» **Try it**: Each entry has to be given again in its exact wording, and no picture may appear in the result.

---

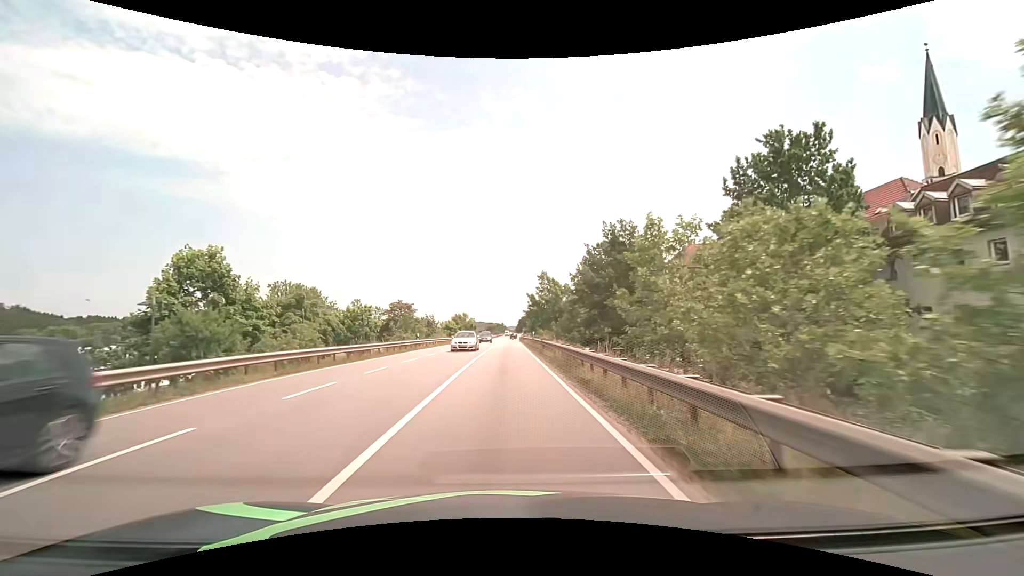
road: primary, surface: asphalt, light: Day
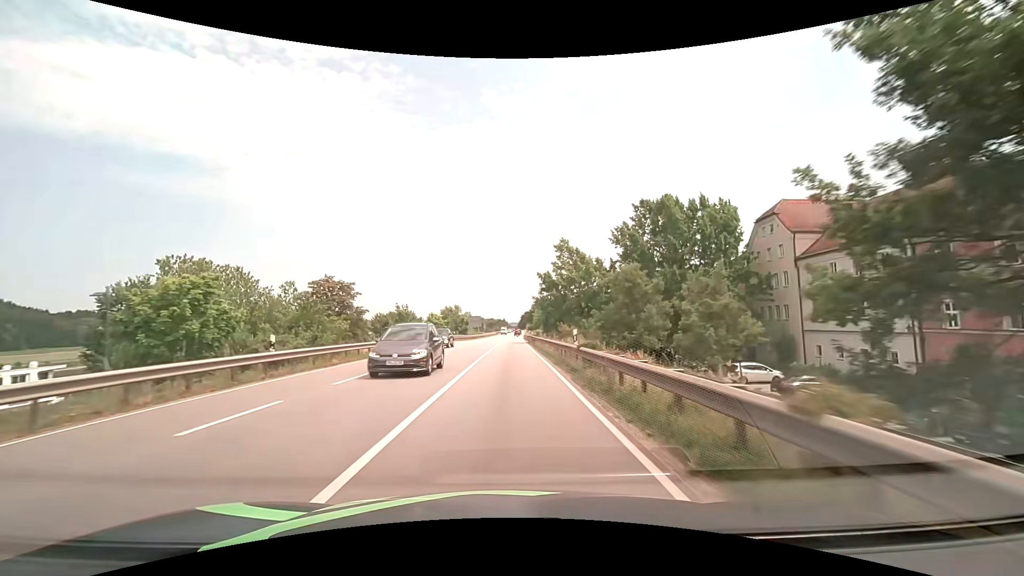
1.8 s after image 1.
(0.0, +27.3) m; 0°
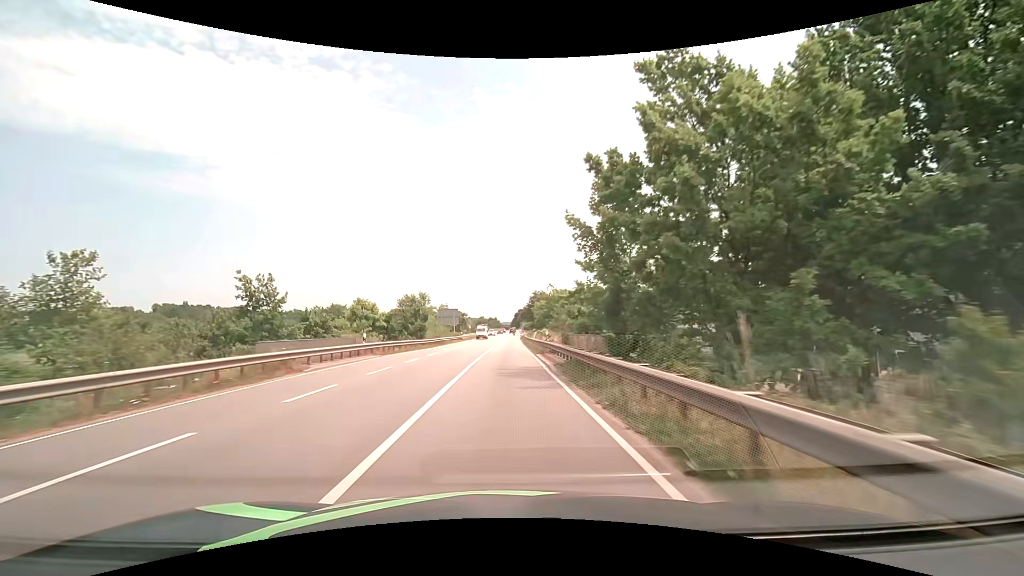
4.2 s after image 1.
(+0.2, +38.8) m; +1°
(0, +10) (0, +20) (0, +30) (0, +40) (0, +50) (0, +60) (+1, +70) (+1, +80) (+1, +90) (+1, +100) m

---

» **Exercise solution**:
road: primary, surface: asphalt, light: Day
1.8 s after image 1.
(0.0, +27.3) m; 0°
4.2 s after image 1.
(+0.2, +38.8) m; +1°
(0, +10) (0, +20) (0, +30) (0, +40) (0, +50) (0, +60) (+1, +70) (+1, +80) (+1, +90) (+1, +100) m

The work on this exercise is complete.